■ **EXERCISE DETAILS**
Line by line, repeat all the material exactly as it appears.

■ **DATASET CONTENT**
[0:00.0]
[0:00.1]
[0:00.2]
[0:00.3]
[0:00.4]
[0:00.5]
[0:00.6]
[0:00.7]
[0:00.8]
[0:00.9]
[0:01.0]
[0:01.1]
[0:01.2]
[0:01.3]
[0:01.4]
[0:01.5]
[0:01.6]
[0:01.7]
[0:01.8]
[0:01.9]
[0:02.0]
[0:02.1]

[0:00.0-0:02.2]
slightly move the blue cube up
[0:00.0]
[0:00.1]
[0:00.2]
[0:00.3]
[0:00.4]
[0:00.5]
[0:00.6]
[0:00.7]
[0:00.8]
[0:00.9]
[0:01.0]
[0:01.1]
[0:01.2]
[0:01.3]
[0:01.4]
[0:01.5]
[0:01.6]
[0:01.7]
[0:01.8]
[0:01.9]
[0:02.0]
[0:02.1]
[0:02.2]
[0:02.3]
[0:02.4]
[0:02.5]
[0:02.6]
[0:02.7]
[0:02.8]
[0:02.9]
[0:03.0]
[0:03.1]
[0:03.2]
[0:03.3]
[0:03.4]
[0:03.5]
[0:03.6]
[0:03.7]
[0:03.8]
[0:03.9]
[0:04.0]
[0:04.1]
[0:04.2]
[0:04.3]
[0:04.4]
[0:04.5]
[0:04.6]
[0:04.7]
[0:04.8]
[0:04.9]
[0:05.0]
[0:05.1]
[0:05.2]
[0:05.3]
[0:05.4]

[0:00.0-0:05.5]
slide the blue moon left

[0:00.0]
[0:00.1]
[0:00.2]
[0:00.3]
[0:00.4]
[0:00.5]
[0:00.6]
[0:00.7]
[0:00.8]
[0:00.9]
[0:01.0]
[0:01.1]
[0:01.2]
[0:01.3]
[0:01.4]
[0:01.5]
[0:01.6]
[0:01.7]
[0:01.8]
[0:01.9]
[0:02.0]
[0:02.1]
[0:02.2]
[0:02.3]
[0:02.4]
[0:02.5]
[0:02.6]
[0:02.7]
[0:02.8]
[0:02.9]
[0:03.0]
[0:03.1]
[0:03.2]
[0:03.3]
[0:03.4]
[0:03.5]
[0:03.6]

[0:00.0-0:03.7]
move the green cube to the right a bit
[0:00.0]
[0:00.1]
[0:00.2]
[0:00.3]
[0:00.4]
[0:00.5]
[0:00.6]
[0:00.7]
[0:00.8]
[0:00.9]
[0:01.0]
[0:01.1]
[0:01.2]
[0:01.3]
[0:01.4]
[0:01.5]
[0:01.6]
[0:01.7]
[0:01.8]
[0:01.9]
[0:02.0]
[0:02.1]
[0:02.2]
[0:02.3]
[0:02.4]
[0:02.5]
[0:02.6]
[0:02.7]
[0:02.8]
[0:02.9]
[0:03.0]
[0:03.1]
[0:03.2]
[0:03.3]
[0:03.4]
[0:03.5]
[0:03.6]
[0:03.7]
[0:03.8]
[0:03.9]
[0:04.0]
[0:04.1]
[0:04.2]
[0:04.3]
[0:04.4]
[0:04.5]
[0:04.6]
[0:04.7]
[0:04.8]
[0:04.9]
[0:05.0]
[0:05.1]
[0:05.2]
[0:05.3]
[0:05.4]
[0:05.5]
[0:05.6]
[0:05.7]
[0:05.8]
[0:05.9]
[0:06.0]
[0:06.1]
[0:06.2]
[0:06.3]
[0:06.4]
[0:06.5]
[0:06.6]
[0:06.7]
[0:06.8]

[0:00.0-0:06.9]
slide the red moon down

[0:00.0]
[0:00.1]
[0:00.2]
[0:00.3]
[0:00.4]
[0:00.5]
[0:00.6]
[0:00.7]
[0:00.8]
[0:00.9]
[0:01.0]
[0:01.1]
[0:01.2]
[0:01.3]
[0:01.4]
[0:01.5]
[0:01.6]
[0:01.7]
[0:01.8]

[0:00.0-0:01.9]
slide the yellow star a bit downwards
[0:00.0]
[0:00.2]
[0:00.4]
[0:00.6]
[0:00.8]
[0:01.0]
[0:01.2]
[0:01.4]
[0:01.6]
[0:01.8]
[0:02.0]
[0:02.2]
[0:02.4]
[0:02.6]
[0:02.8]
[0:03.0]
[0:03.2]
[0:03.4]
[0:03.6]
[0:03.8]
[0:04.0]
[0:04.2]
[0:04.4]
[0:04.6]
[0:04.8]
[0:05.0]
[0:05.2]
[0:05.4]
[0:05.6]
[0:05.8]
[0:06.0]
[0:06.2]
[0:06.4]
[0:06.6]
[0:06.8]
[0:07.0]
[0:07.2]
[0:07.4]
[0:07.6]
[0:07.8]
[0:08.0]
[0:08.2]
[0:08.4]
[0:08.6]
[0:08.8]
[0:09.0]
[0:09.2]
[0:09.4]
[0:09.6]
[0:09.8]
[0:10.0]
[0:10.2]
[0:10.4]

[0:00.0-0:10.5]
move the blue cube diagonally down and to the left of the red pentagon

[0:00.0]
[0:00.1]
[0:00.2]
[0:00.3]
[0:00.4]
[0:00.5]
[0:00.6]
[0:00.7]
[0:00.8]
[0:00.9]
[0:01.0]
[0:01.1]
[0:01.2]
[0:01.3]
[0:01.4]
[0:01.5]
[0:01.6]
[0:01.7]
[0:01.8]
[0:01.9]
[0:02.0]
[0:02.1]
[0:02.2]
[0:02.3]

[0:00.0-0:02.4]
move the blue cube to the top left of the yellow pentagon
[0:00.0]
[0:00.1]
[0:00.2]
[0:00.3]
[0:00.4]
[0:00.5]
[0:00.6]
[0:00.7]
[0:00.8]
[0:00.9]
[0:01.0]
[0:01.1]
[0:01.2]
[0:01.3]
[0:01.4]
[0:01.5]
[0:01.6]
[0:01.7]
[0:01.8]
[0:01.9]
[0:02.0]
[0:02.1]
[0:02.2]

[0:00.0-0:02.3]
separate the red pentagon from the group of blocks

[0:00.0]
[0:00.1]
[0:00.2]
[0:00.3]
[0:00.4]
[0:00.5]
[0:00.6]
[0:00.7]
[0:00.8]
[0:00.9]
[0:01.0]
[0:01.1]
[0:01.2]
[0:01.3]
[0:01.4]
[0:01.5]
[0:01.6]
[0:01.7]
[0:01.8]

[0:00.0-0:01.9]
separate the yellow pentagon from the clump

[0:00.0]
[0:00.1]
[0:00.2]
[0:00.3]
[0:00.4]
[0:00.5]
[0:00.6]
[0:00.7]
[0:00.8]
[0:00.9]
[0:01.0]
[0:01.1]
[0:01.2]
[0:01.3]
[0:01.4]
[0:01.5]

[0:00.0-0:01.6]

■ **OUTPUT OF THE EXERCISE**
[0:00.0]
[0:00.1]
[0:00.2]
[0:00.3]
[0:00.4]
[0:00.5]
[0:00.6]
[0:00.7]
[0:00.8]
[0:00.9]
[0:01.0]
[0:01.1]
[0:01.2]
[0:01.3]
[0:01.4]
[0:01.5]
[0:01.6]
[0:01.7]
[0:01.8]
[0:01.9]
[0:02.0]
[0:02.1]

[0:00.0-0:02.2]
slightly move the blue cube up
[0:00.0]
[0:00.1]
[0:00.2]
[0:00.3]
[0:00.4]
[0:00.5]
[0:00.6]
[0:00.7]
[0:00.8]
[0:00.9]
[0:01.0]
[0:01.1]
[0:01.2]
[0:01.3]
[0:01.4]
[0:01.5]
[0:01.6]
[0:01.7]
[0:01.8]
[0:01.9]
[0:02.0]
[0:02.1]
[0:02.2]
[0:02.3]
[0:02.4]
[0:02.5]
[0:02.6]
[0:02.7]
[0:02.8]
[0:02.9]
[0:03.0]
[0:03.1]
[0:03.2]
[0:03.3]
[0:03.4]
[0:03.5]
[0:03.6]
[0:03.7]
[0:03.8]
[0:03.9]
[0:04.0]
[0:04.1]
[0:04.2]
[0:04.3]
[0:04.4]
[0:04.5]
[0:04.6]
[0:04.7]
[0:04.8]
[0:04.9]
[0:05.0]
[0:05.1]
[0:05.2]
[0:05.3]
[0:05.4]

[0:00.0-0:05.5]
slide the blue moon left

[0:00.0]
[0:00.1]
[0:00.2]
[0:00.3]
[0:00.4]
[0:00.5]
[0:00.6]
[0:00.7]
[0:00.8]
[0:00.9]
[0:01.0]
[0:01.1]
[0:01.2]
[0:01.3]
[0:01.4]
[0:01.5]
[0:01.6]
[0:01.7]
[0:01.8]
[0:01.9]
[0:02.0]
[0:02.1]
[0:02.2]
[0:02.3]
[0:02.4]
[0:02.5]
[0:02.6]
[0:02.7]
[0:02.8]
[0:02.9]
[0:03.0]
[0:03.1]
[0:03.2]
[0:03.3]
[0:03.4]
[0:03.5]
[0:03.6]

[0:00.0-0:03.7]
move the green cube to the right a bit
[0:00.0]
[0:00.1]
[0:00.2]
[0:00.3]
[0:00.4]
[0:00.5]
[0:00.6]
[0:00.7]
[0:00.8]
[0:00.9]
[0:01.0]
[0:01.1]
[0:01.2]
[0:01.3]
[0:01.4]
[0:01.5]
[0:01.6]
[0:01.7]
[0:01.8]
[0:01.9]
[0:02.0]
[0:02.1]
[0:02.2]
[0:02.3]
[0:02.4]
[0:02.5]
[0:02.6]
[0:02.7]
[0:02.8]
[0:02.9]
[0:03.0]
[0:03.1]
[0:03.2]
[0:03.3]
[0:03.4]
[0:03.5]
[0:03.6]
[0:03.7]
[0:03.8]
[0:03.9]
[0:04.0]
[0:04.1]
[0:04.2]
[0:04.3]
[0:04.4]
[0:04.5]
[0:04.6]
[0:04.7]
[0:04.8]
[0:04.9]
[0:05.0]
[0:05.1]
[0:05.2]
[0:05.3]
[0:05.4]
[0:05.5]
[0:05.6]
[0:05.7]
[0:05.8]
[0:05.9]
[0:06.0]
[0:06.1]
[0:06.2]
[0:06.3]
[0:06.4]
[0:06.5]
[0:06.6]
[0:06.7]
[0:06.8]

[0:00.0-0:06.9]
slide the red moon down

[0:00.0]
[0:00.1]
[0:00.2]
[0:00.3]
[0:00.4]
[0:00.5]
[0:00.6]
[0:00.7]
[0:00.8]
[0:00.9]
[0:01.0]
[0:01.1]
[0:01.2]
[0:01.3]
[0:01.4]
[0:01.5]
[0:01.6]
[0:01.7]
[0:01.8]

[0:00.0-0:01.9]
slide the yellow star a bit downwards
[0:00.0]
[0:00.2]
[0:00.4]
[0:00.6]
[0:00.8]
[0:01.0]
[0:01.2]
[0:01.4]
[0:01.6]
[0:01.8]
[0:02.0]
[0:02.2]
[0:02.4]
[0:02.6]
[0:02.8]
[0:03.0]
[0:03.2]
[0:03.4]
[0:03.6]
[0:03.8]
[0:04.0]
[0:04.2]
[0:04.4]
[0:04.6]
[0:04.8]
[0:05.0]
[0:05.2]
[0:05.4]
[0:05.6]
[0:05.8]
[0:06.0]
[0:06.2]
[0:06.4]
[0:06.6]
[0:06.8]
[0:07.0]
[0:07.2]
[0:07.4]
[0:07.6]
[0:07.8]
[0:08.0]
[0:08.2]
[0:08.4]
[0:08.6]
[0:08.8]
[0:09.0]
[0:09.2]
[0:09.4]
[0:09.6]
[0:09.8]
[0:10.0]
[0:10.2]
[0:10.4]

[0:00.0-0:10.5]
move the blue cube diagonally down and to the left of the red pentagon

[0:00.0]
[0:00.1]
[0:00.2]
[0:00.3]
[0:00.4]
[0:00.5]
[0:00.6]
[0:00.7]
[0:00.8]
[0:00.9]
[0:01.0]
[0:01.1]
[0:01.2]
[0:01.3]
[0:01.4]
[0:01.5]
[0:01.6]
[0:01.7]
[0:01.8]
[0:01.9]
[0:02.0]
[0:02.1]
[0:02.2]
[0:02.3]

[0:00.0-0:02.4]
move the blue cube to the top left of the yellow pentagon
[0:00.0]
[0:00.1]
[0:00.2]
[0:00.3]
[0:00.4]
[0:00.5]
[0:00.6]
[0:00.7]
[0:00.8]
[0:00.9]
[0:01.0]
[0:01.1]
[0:01.2]
[0:01.3]
[0:01.4]
[0:01.5]
[0:01.6]
[0:01.7]
[0:01.8]
[0:01.9]
[0:02.0]
[0:02.1]
[0:02.2]

[0:00.0-0:02.3]
separate the red pentagon from the group of blocks

[0:00.0]
[0:00.1]
[0:00.2]
[0:00.3]
[0:00.4]
[0:00.5]
[0:00.6]
[0:00.7]
[0:00.8]
[0:00.9]
[0:01.0]
[0:01.1]
[0:01.2]
[0:01.3]
[0:01.4]
[0:01.5]
[0:01.6]
[0:01.7]
[0:01.8]

[0:00.0-0:01.9]
separate the yellow pentagon from the clump

[0:00.0]
[0:00.1]
[0:00.2]
[0:00.3]
[0:00.4]
[0:00.5]
[0:00.6]
[0:00.7]
[0:00.8]
[0:00.9]
[0:01.0]
[0:01.1]
[0:01.2]
[0:01.3]
[0:01.4]
[0:01.5]

[0:00.0-0:01.6]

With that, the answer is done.